I have a single transformation whose sole purpose is to drop duplicates. When using PySpark 2.x, the resulting output removes some duplicates, but not all. When using Apache Spark Java 2.x, the resulting output is as expected with all duplicates removed.
I am currently running Spark on YARN. My dataset is roughly 125 millions rows by 200 columns. It is expected that certain columns contain null values. For my use case, I do indeed have pure duplicates (reasons for this are out of scope). So far, I have tried:
- dropDuplicates(df.columns) / dropDuplicates(), PySpark -> drops some but not all duplicates
- distinct(), PySpark -> drops some but not all duplicates, different row count than 1.
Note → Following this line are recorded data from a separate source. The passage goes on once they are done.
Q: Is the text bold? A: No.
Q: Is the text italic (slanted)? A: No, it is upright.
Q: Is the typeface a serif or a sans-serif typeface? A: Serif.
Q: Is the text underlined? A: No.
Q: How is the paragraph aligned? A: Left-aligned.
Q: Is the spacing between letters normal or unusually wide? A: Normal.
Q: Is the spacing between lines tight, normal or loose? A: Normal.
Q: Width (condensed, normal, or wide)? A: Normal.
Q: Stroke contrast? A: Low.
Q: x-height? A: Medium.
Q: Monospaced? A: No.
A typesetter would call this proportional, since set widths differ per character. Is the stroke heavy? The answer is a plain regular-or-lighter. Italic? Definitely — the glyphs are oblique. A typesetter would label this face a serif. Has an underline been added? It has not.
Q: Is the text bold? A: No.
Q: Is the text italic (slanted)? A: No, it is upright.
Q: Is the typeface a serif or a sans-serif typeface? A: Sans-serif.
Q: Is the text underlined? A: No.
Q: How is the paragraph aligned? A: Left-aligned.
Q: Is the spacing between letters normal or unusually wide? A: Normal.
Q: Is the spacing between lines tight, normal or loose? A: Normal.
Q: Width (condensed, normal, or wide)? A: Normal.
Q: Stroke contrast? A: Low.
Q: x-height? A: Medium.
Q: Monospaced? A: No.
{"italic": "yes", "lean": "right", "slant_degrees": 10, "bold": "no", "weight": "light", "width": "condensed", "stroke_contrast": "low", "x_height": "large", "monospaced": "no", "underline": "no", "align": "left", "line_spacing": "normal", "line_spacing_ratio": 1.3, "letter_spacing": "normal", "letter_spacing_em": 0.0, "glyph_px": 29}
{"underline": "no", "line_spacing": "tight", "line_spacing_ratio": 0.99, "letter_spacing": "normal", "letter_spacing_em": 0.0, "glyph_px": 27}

- dropDuplicates([primary_key_I_created]), PySpark -> works
- dropDuplicates(dataset.columns()), Apache Spark Java -> works
I inspected the physical plans, and both method 1 and method 4 produce identical plans. They are roughly as follows:
+-HashAggregate(keys=[column_1, column_2, .... 198 more fields], functions=[], output=[column_1, column_2, ... 198 more fields]
+-Exchange hashpartitioning(column_1, column_2, ... 198 more fields)
+-HashAggregate(keys=[column_1, column_2, .... 198 more fields], functions=[], output=[column_1, column_2, ... 198 more fields]
+-FileScan parquet ....
Below is an example of a pair of rows that are duplicates that did not get dropped. I confirmed that there are no weird whitespace errors by running dropDuplicates() on JUST those two rows. That run worked as expected by returning a single row.
column_1 | column_2 | column_3 | column_4 | column_5| ..... column_200
bob jones **null** **null** 200.00 30
bob jones **null** **null** 200.00 30
Is there something happening under the hood that would cause PySpark to fail, but Spark Java to succeed (apologies for my vague jargon here)? Thanks in advance.